Exercise details:
Scan the data below and state the number of lines that include the word "fecefe", adding no comment.

Exercise inputs:
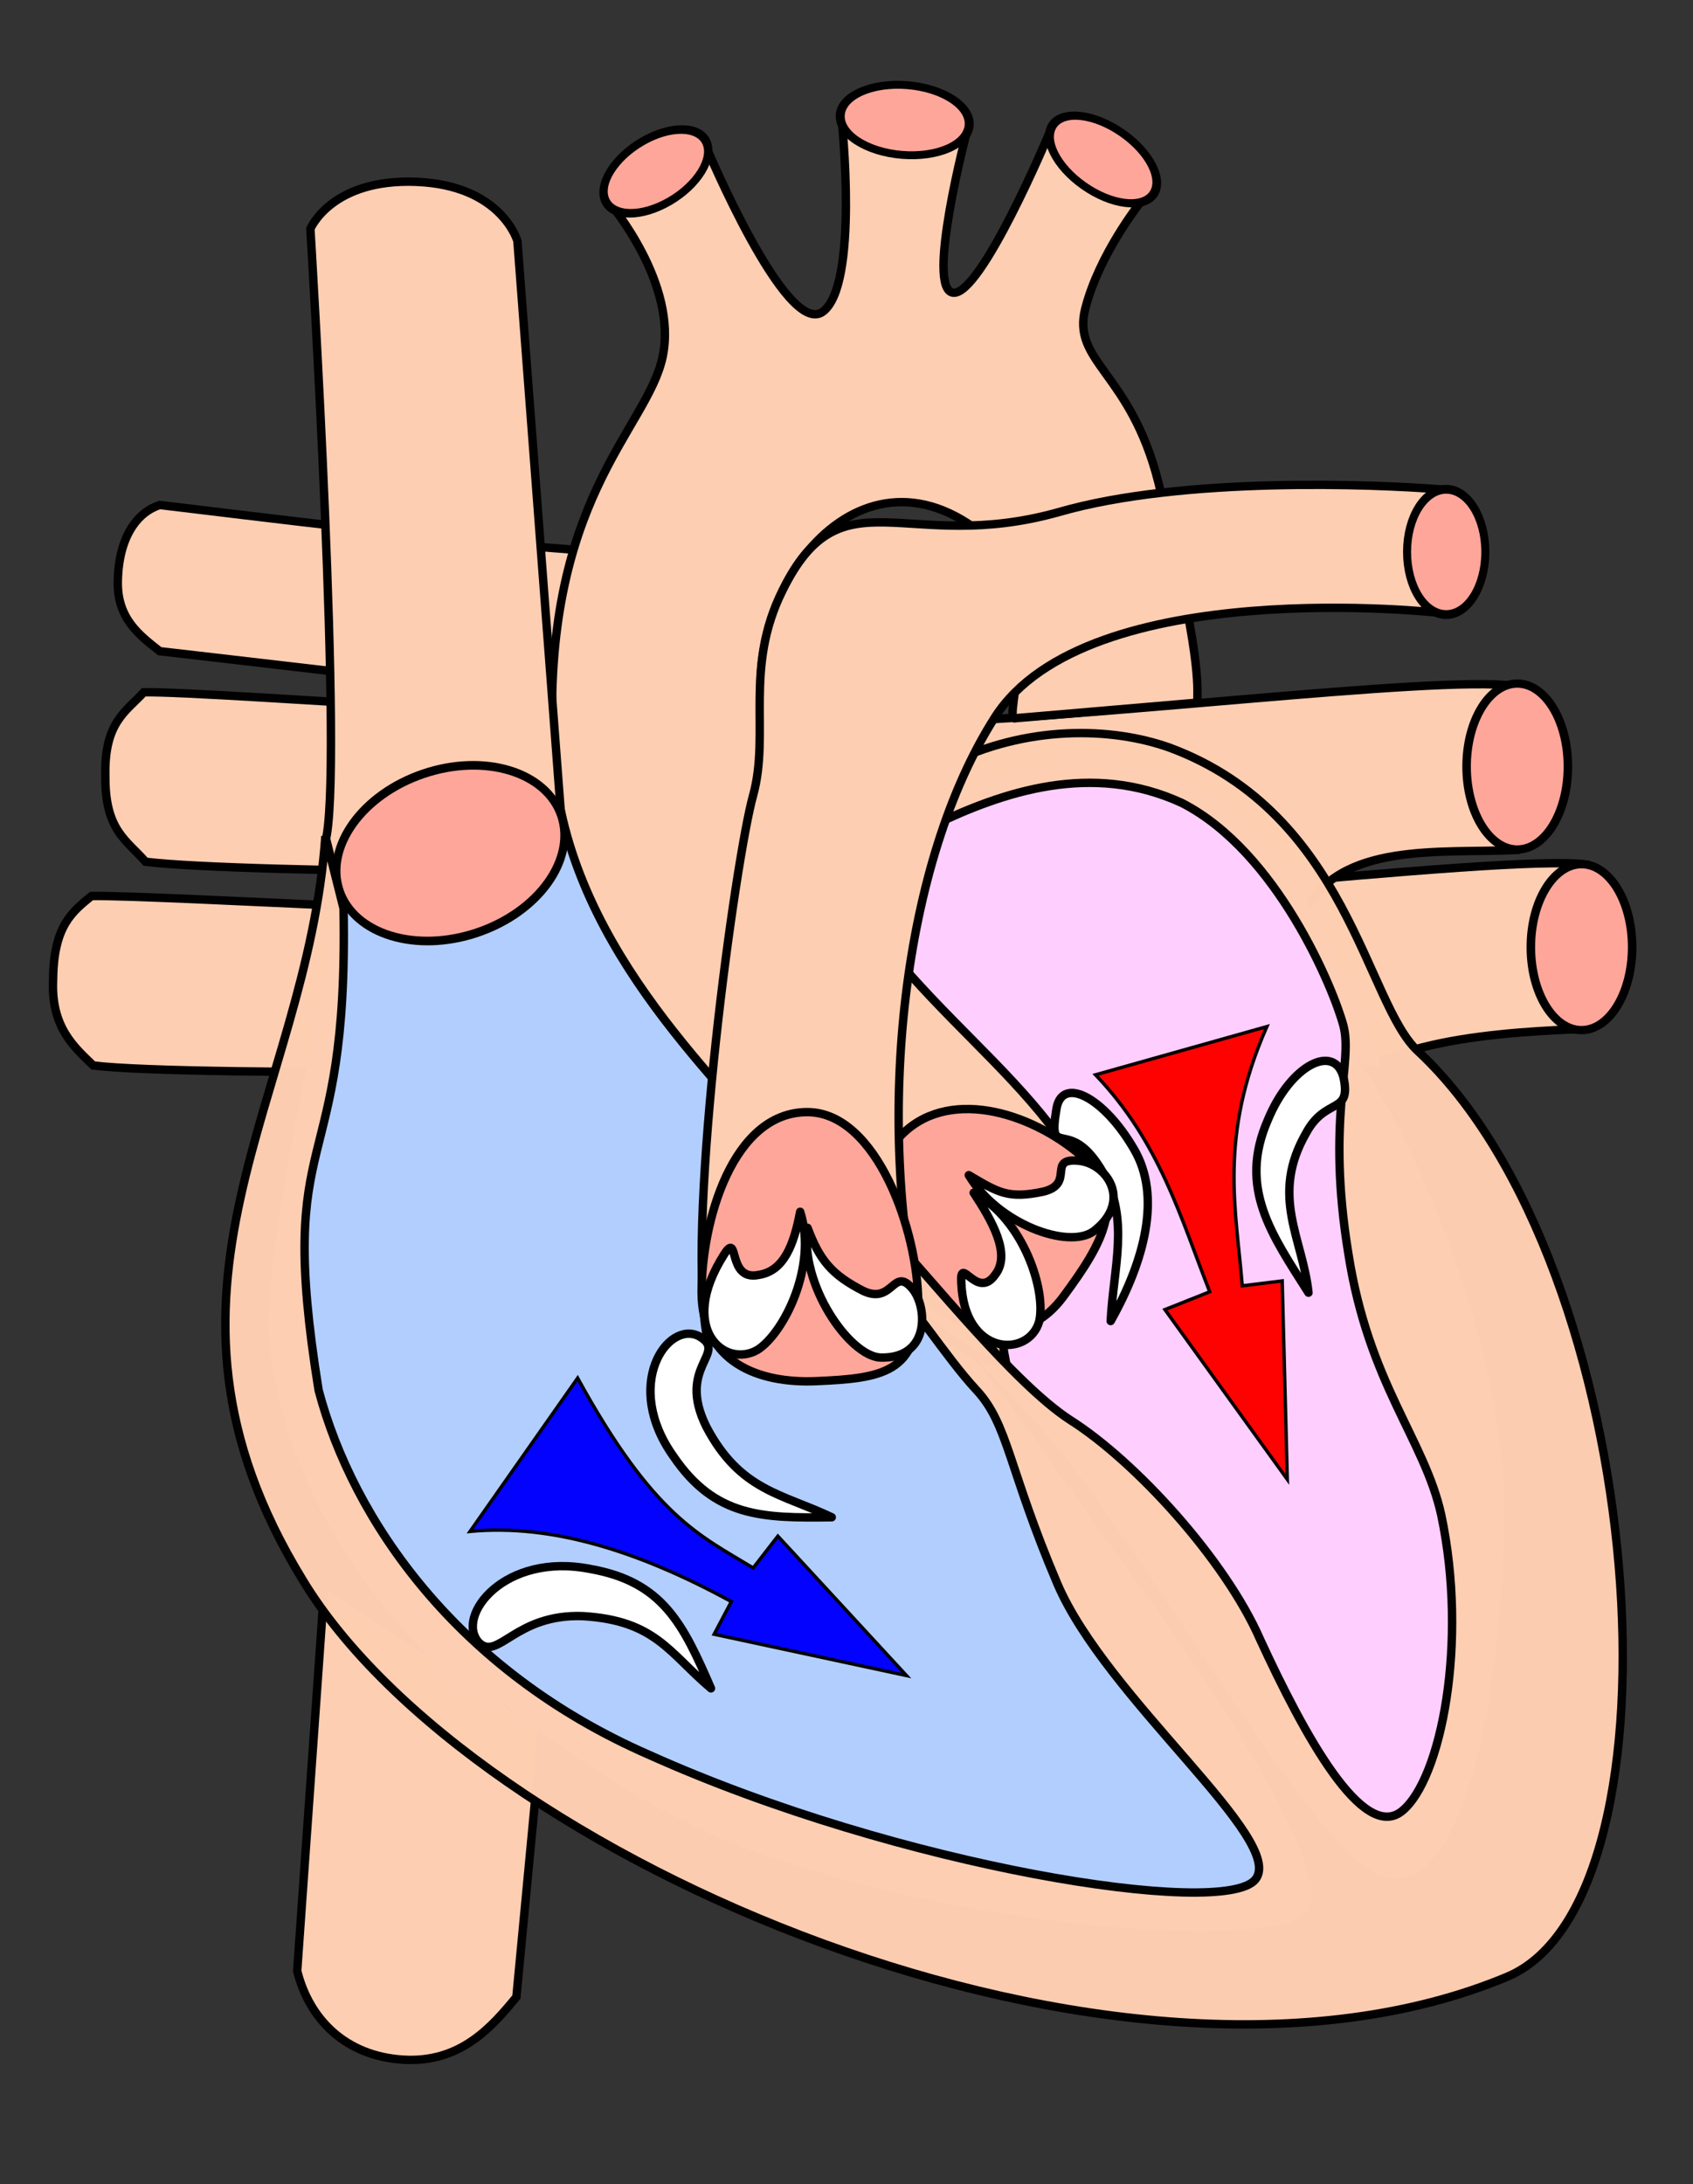 <?xml version="1.0" encoding="UTF-8" standalone="no"?>
<!-- Created with Inkscape (http://www.inkscape.org/) -->
<svg
   xmlns:svg="http://www.w3.org/2000/svg"
   xmlns="http://www.w3.org/2000/svg"
   xmlns:xlink="http://www.w3.org/1999/xlink"
   version="1.0"
   width="504"
   height="650"
   id="svg666">
  <rect width="100%" height="100%" fill="#333333" stroke="none"/>
  <defs
     id="defs668">
    <linearGradient
       x1="0"
       y1="0"
       x2="1"
       y2="0"
       id="linearGradient695"
       gradientUnits="objectBoundingBox"
       spreadMethod="pad">
      <stop
         id="stop696"
         style="stop-color:#ff0000;stop-opacity:1"
         offset="0" />
      <stop
         id="stop697"
         style="stop-color:#ffd700;stop-opacity:1"
         offset="1" />
    </linearGradient>
    <linearGradient
       x1="0"
       y1="0"
       x2="1"
       y2="0"
       id="linearGradient691"
       gradientUnits="objectBoundingBox"
       spreadMethod="pad">
      <stop
         id="stop692"
         style="stop-color:#000000;stop-opacity:1"
         offset="0" />
      <stop
         id="stop693"
         style="stop-color:#ffffff;stop-opacity:1"
         offset="1" />
    </linearGradient>
    <linearGradient
       x1="0"
       y1="1.5000001e-07"
       x2="1"
       y2="1.5000001e-07"
       id="linearGradient694"
       xlink:href="#linearGradient695"
       gradientUnits="objectBoundingBox"
       spreadMethod="pad" />
    <radialGradient
       cx="0.5"
       cy="0.5"
       r="0.5"
       fx="0.5"
       fy="0.5"
       id="radialGradient698"
       xlink:href="#linearGradient695"
       gradientUnits="objectBoundingBox"
       spreadMethod="pad" />
    <linearGradient
       x1="0"
       y1="0"
       x2="1"
       y2="0"
       id="linearGradient567"
       xlink:href="#linearGradient695"
       gradientUnits="objectBoundingBox"
       spreadMethod="pad" />
  </defs>
  <path
     d="M 96.519,472.634 L 88.471,586.547 C 92.096,601.048 102.972,611.923 120.063,612.959 C 137.153,613.996 146.475,603.12 153.726,594.316 L 161.257,515.102"
     id="inferior_vena_cava"
     style="font-size:12px;fill:#feceb2;fill-opacity:1;fill-rule:evenodd;stroke:#000000;stroke-width:2.5" />
  <path
     d="M 27.24,266.652 C 48.478,266.301 182.87,274.811 243.183,273.251 C 303.496,271.691 447.568,254.132 472.005,257.252 L 472.525,306.127 C 450.168,307.167 404.884,308.607 394.487,329.925 C 379.928,363.721 304.016,316.407 265.021,317.447 C 221.348,318.595 56.674,320.668 27.76,317.086 C 22.115,311.648 15.147,305.678 15.801,291.609 C 15.949,275.504 21.52,271.332 27.24,266.652 z"
     id="pulmonary_vein_2"
     style="font-size:12px;fill:#feceb2;fill-opacity:1;fill-rule:evenodd;stroke:#000000;stroke-width:2.5" />
  <path
     d="M 396.636,307.213 C 406.476,308.248 451.015,390.594 448.425,456.884 C 445.836,523.175 432.37,565.642 411.137,558.909 C 389.903,552.177 337.595,456.367 310.147,426.329 C 282.699,396.291 245.928,358.484 245.928,358.484 L 396.636,307.213 z"
     id="left_ventricle"
     style="font-size:12px;fill:#fecefe;fill-opacity:1;fill-rule:evenodd;stroke:#000000;stroke-width:1.25" />
  <path
     d="M 42.802,206.018 C 64.04,205.667 203.668,217.097 263.981,215.537 C 324.294,213.977 426.203,200.978 450.64,204.098 L 451.16,252.973 C 428.803,254.013 398.645,250.373 388.248,271.691 C 373.689,305.487 297.777,258.173 258.782,259.213 C 215.109,260.361 72.236,260.034 43.322,256.452 C 37.677,249.974 31.229,247.124 31.363,230.975 C 30.977,214.874 37.602,211.738 42.802,206.018 z"
     id="pulmonary_vein_1"
     style="font-size:12px;fill:#feceb2;fill-opacity:1;fill-rule:evenodd;stroke:#000000;stroke-width:2.5" />
  <path
     d="M 256.805,266.298 C 264.463,225.453 334.17,220.033 358.829,235.226 C 392.174,255.769 411.137,317.57 411.137,317.57 C 411.137,317.57 389.243,314.882 377.992,331.036 C 369.044,343.884 368.152,373.503 368.152,373.503 C 368.152,373.503 360.901,344.501 345.364,339.322 C 329.828,334.143 316.88,339.84 306.004,343.465 C 295.646,334.143 252.034,291.743 256.805,266.298 z"
     id="left_atrium"
     style="font-size:12px;fill:#fecefe;fill-opacity:1;fill-rule:evenodd;stroke-width:1pt" />
  <path
     d="M 241.786,360.038 C 282.181,385.415 304.968,425.293 333.97,464.653 C 362.973,504.013 399.225,559.945 388.349,569.785 C 377.474,579.625 294.925,575.22 227.802,552.177 C 174.407,533.862 128.884,488.476 128.884,488.476 L 241.786,360.038 z"
     id="right_ventricle"
     style="font-size:12px;fill:#b2cefe;fill-opacity:1;fill-rule:evenodd;stroke-width:1.25" />
  <path
     d="M 104.025,246.101 C 104.543,261.638 77.142,370.441 80.202,399.398 C 86.935,463.617 139.242,505.049 148.564,510.228 C 150.636,503.495 151.672,470.867 170.316,462.063 C 188.96,453.259 212.265,466.206 212.265,466.206 C 212.265,466.206 197.247,447.045 197.247,429.953 C 197.247,412.864 210.711,399.916 216.408,394.219 C 217.444,380.236 220.551,336.733 209.675,305.659 C 198.8,274.585 166.173,236.779 166.173,236.779 L 104.025,246.101 z"
     id="right_atrium"
     style="font-size:12px;fill:#b2cefe;fill-opacity:1;fill-rule:evenodd;stroke-width:1pt" />
  <path
     d="M 183.781,164.274 C 150.636,163.238 65.323,152.329 47.552,150.293 C 41.139,152.345 35.313,159.395 35.073,173.086 C 34.885,184.235 41.659,189.148 47.552,193.8 C 47.552,193.8 151.153,205.705 182.745,209.848"
     id="pulmonary_artery_2"
     style="font-size:12px;fill:#feceb2;fill-opacity:1;fill-rule:evenodd;stroke:#000000;stroke-width:2.5" />
  <path
     d="M 322.065,348.674 C 298.286,308.305 257.303,293.032 229.874,223.314 C 214.945,184.638 250.743,129.028 289.95,157.023 C 313.88,174.48 297.674,215.806 302.335,213.735 L 356.434,209.11 C 356.434,203.931 357.793,195.865 344.846,143.558 C 336.534,110.642 318.951,107.823 323.094,91.768 C 327.237,75.713 339.149,60.695 339.149,60.695 L 312.219,39.979 C 312.219,39.979 292.021,88.143 283.734,87.107 C 275.448,86.071 287.878,38.943 287.878,38.943 L 250.589,35.836 C 250.589,35.836 255.769,85.036 244.893,92.805 C 234.017,100.573 210.194,43.604 210.194,43.604 L 181.709,60.695 C 181.709,60.695 201.907,84.517 197.246,106.269 C 192.585,128.021 160.994,148.737 164.619,223.314 C 167.412,280.364 213.802,320.498 231.428,343.466 C 248.518,365.217 287.295,410.663 299.317,404.64 C 294.586,380.737 302.788,354.286 322.065,348.674 z"
     id="aorta"
     style="font-size:12px;fill:#feceb2;fill-opacity:1;fill-rule:evenodd;stroke:#000000;stroke-width:2.5" />
  <path
     d="M 320.537,342.827 C 336.854,355.974 328.267,370.003 316.554,385.872 C 306.422,399.601 290.854,399.021 274.538,385.875 C 258.224,372.731 252.635,357.087 266.611,339.74 C 279.609,323.609 304.223,329.683 320.537,342.827 z"
     id="path592"
     style="font-size:12px;fill:#fea69a;fill-opacity:1;fill-rule:evenodd;stroke:#000000;stroke-width:2.5" />
  <path
     d="M 96.775,250.762 C 102.471,232.118 92.401,68.101 92.401,68.101 C 92.401,68.101 98.616,53.081 123.993,54.117 C 149.369,55.153 154.031,71.726 154.031,71.726 L 167.208,245.065"
     id="superior_vena_cava"
     style="font-size:12px;fill:#feceb2;fill-opacity:1;fill-rule:evenodd;stroke:#000000;stroke-width:2.5" />
  <ellipse
     cx="250.872"
     cy="434.411"
     rx="31.456"
     ry="21.058"
     transform="matrix(1.049,-0.354,0.379,1.123,-293.73,-145.132)"
     id="vena_cava_in_2"
     style="font-size:12px;fill:#fea69a;fill-opacity:1;fill-rule:evenodd;stroke:#000000;stroke-width:2.182" />
  <path
     d="M 277.44,245.817 L 281.88,227.575 C 305.637,215.674 330.906,216.341 348.176,222.496 C 401.31,242.162 406.623,298.714 422.164,312.87 C 490.848,376.93 503.925,565.001 448.725,588.268 C 333.678,636.455 140.194,553.121 90.085,470.153 C 37.175,383.753 91.365,327.368 96.869,248.849 L 102.273,270.341 C 103.821,353.801 81.742,332.534 94.848,413.719 C 105.041,452.309 136.035,497.272 193.142,522.207 C 267.774,555.746 364.249,570.991 373.715,559.341 C 383.18,547.692 329.301,505.461 314.738,471.24 C 300.176,437.018 300.176,423.912 290.71,413.719 C 281.245,403.525 271.986,388.027 263.667,380.747 L 263.669,366.084 C 277.188,380.642 302.026,411.765 318.379,422.456 C 338.037,434.834 364.852,464.313 375.171,487.986 C 388.277,516.383 405.752,548.42 417.402,538.955 C 429.052,529.489 437.061,488.715 429.052,450.854 C 424.104,428.366 407.411,411.798 401.382,372.945 C 394.83,332.898 402.84,316.152 399.927,305.23 C 397.015,294.309 380.268,253.534 351.871,238.972 C 325.026,226.582 298.555,235.623 277.44,245.817 z"
     id="heart"
     style="font-size:12px;opacity:0.99;fill:#feceb2;fill-opacity:1;fill-rule:evenodd;stroke:#000000;stroke-width:2.5" />
  <path
     d="M 273.897,393.168 C 260.343,331.478 268.715,256.458 296.163,213.474 C 323.612,170.488 428.745,182.4 428.745,182.4 L 428.745,145.629 C 409.065,144.076 351.997,141.802 315.327,152.362 C 269.595,165.304 250.589,139.932 232.981,175.667 C 221.363,198.902 229.356,218.135 224.177,236.779 C 218.998,255.423 204.498,360.038 210.193,396.29 C 230.455,383.742 252.121,378.536 273.897,393.168 z"
     id="pulmonary_artery_1"
     style="font-size:12px;fill:#feceb2;fill-opacity:1;fill-rule:evenodd;stroke:#000000;stroke-width:2.5" />
  <ellipse
     cx="548.71"
     cy="341.552"
     rx="13.724"
     ry="19.939"
     transform="matrix(0.849,0,0,0.935,-35.328,-155.098)"
     id="path564"
     style="font-size:12px;fill:#fea69a;fill-opacity:1;fill-rule:evenodd;stroke:#000000;stroke-width:2.806" />
  <path
     d="M 142.514,488.781 C 135.458,480.922 150.198,461.836 175.79,466.938 C 197.435,470.761 203.44,483.542 211.656,502.457 C 199.24,491.97 195.168,482.265 173.548,480.962 C 153.337,480.197 148.29,494.464 142.514,488.781 z"
     id="tricuspid_valve_1"
     style="font-size:12px;fill:#ffffff;fill-rule:evenodd;stroke:#000000;stroke-width:2.5;stroke-linejoin:round" />
  <path
     d="M 208.091,397.658 C 198.694,392.834 185.33,412.197 200.496,433.433 C 212.874,451.596 226.994,451.82 247.613,451.539 C 232.952,444.528 220.344,443.778 210.273,424.602 C 201.272,406.49 216.957,402.736 208.091,397.658 z"
     id="tricuspid_valve_2"
     style="font-size:12px;fill:#ffffff;fill-rule:evenodd;stroke:#000000;stroke-width:2.5;stroke-linejoin:round" />
  <path
     d="M 314.447,330.362 C 315.829,319.891 328.573,326.405 337.59,341.991 C 345.823,355.964 340.743,375.166 330.646,393.146 C 331.491,376.916 336.277,363.036 328.382,348.974 C 318.32,331.428 311.894,345.815 314.447,330.362 z"
     id="mitral_valve_1"
     style="font-size:12px;fill:#ffffff;fill-rule:evenodd;stroke:#000000;stroke-width:2.5;stroke-linejoin:round" />
  <path
     d="M 399.963,320.642 C 397.31,310.42 384.215,316.741 377.385,333.405 C 368.629,353.566 378.483,367.296 389.531,384.709 C 387.817,368.548 378.032,355.946 388.837,337.174 C 394.712,326.311 402.342,331.865 399.963,320.642 z"
     id="mitral_valve_2"
     style="font-size:12px;fill:#ffffff;fill-rule:evenodd;stroke:#000000;stroke-width:2.5;stroke-linejoin:round" />
  <path
     d="M 273.339,387.637 C 273.339,408.59 262.628,410.199 242.923,411.035 C 225.875,411.758 208.867,405.47 208.867,384.518 C 208.867,363.567 218.047,330.965 240.324,330.965 C 261.04,330.965 273.339,366.686 273.339,387.637 z"
     id="path591"
     style="font-size:12px;fill:#fea69a;fill-opacity:1;fill-rule:evenodd;stroke:#000000;stroke-width:2.5" />
  <path
     d="M 215.587,373.286 C 201.473,395.404 215.755,407.37 225.511,401.716 C 233.358,396.743 243.392,376.744 238.205,360.622 C 236.3,370.604 233.319,378.303 225.814,379.419 C 216.305,381.349 220.175,366.121 215.587,373.286 z"
     id="pulmonary_valve_1"
     style="font-size:12px;fill:#ffffff;fill-rule:evenodd;stroke:#000000;stroke-width:2.5;stroke-linejoin:round" />
  <path
     d="M 271.481,383.372 C 276.077,388.568 277.176,404.402 262.094,404.011 C 252.815,403.561 238.037,382.175 240.406,365.407 C 243.981,374.919 247.447,379.31 257.004,384.19 C 265.788,388.312 265.957,376.9 271.481,383.372 z"
     id="pulmonary_valve_2"
     style="font-size:12px;fill:#ffffff;fill-rule:evenodd;stroke:#000000;stroke-width:2.5;stroke-linejoin:round" />
  <path
     d="M 286.175,381.678 C 286.987,403.758 306.284,404.138 309.35,393.287 C 311.521,384.254 304.799,362.912 289.852,354.951 C 295.435,363.442 300.953,373.217 296.343,379.243 C 290.86,387.248 285.703,373.183 286.175,381.678 z"
     id="aortic_valve_1"
     style="font-size:12px;fill:#ffffff;fill-rule:evenodd;stroke:#000000;stroke-width:2.5;stroke-linejoin:round" />
  <path
     d="M 320.391,345.39 C 329.082,345.603 337.553,357.257 325.568,366.421 C 318.063,371.896 297.084,364.262 288.401,349.722 C 297.156,354.882 300.058,356.843 310.561,354.641 C 319.986,352.335 311.894,344.925 320.391,345.39 z"
     id="aortic_valve_2"
     style="font-size:12px;fill:#ffffff;fill-rule:evenodd;stroke:#000000;stroke-width:2.5;stroke-linejoin:round" />
  <ellipse
     cx="382.157"
     cy="216.816"
     rx="20.278"
     ry="12.479"
     transform="matrix(0.946,7.752258e-2,-6.628828e-2,0.831,-77.815,-174.08)"
     id="path597"
     style="font-size:12px;fill:#fea69a;fill-opacity:1;fill-rule:evenodd;stroke:#000000;stroke-width:2.812" />
  <ellipse
     cx="382.157"
     cy="216.816"
     rx="20.278"
     ry="12.479"
     transform="matrix(0.733,0.515,-0.464,0.626,148.887,-285.075)"
     id="path598"
     style="font-size:12px;fill:#fea69a;fill-opacity:1;fill-rule:evenodd;stroke:#000000;stroke-width:2.992" />
  <ellipse
     cx="382.157"
     cy="216.816"
     rx="20.278"
     ry="12.479"
     transform="matrix(0.741,-0.431,0.328,0.712,-159.039,61.351)"
     id="path599"
     style="font-size:12px;fill:#fea69a;fill-opacity:1;fill-rule:evenodd;stroke:#000000;stroke-width:3.058" />
  <ellipse
     cx="571.416"
     cy="405.035"
     rx="15.078"
     ry="25.477"
     transform="matrix(1,0,0,0.969,-119.736,-164.36)"
     id="path602"
     style="font-size:12px;fill:#fea69a;fill-opacity:1;fill-rule:evenodd;stroke:#000000;stroke-width:2.539" />
  <ellipse
     cx="571.416"
     cy="405.035"
     rx="15.078"
     ry="25.477"
     transform="matrix(1,0,0,0.969,-100.611,-110.607)"
     id="path603"
     style="font-size:12px;fill:#fea69a;fill-opacity:1;fill-rule:evenodd;stroke:#000000;stroke-width:2.539" />
  <path
     d="M 377.14,305.511 C 362.645,338.392 368.052,360.233 369.816,382.66 L 381.706,381.198 L 383.231,440.277 L 346.797,389.738 L 360.129,384.435 C 351.468,362.421 345.301,339.95 326.131,319.861 L 377.14,305.511 z"
     id="path3513"
     style="fill:#fe0202;fill-opacity:1;fill-rule:evenodd;stroke:#000000;stroke-width:1px;stroke-linecap:butt;stroke-linejoin:miter;stroke-opacity:1" />
  <path
     d="M 171.963,410.118 L 139.937,455.747 C 164.945,453.4 191.046,462.115 217.721,476.635 L 212.592,486.353 L 269.855,498.651 L 231.565,457.157 L 224.226,466.625 C 208.26,456.904 194.627,451.402 171.963,410.118 z"
     id="path3515"
     style="fill:#0202fe;fill-opacity:1;fill-rule:evenodd;stroke:#000000;stroke-width:1px;stroke-linecap:butt;stroke-linejoin:miter;stroke-opacity:1" />
</svg>

Exercise solution:
2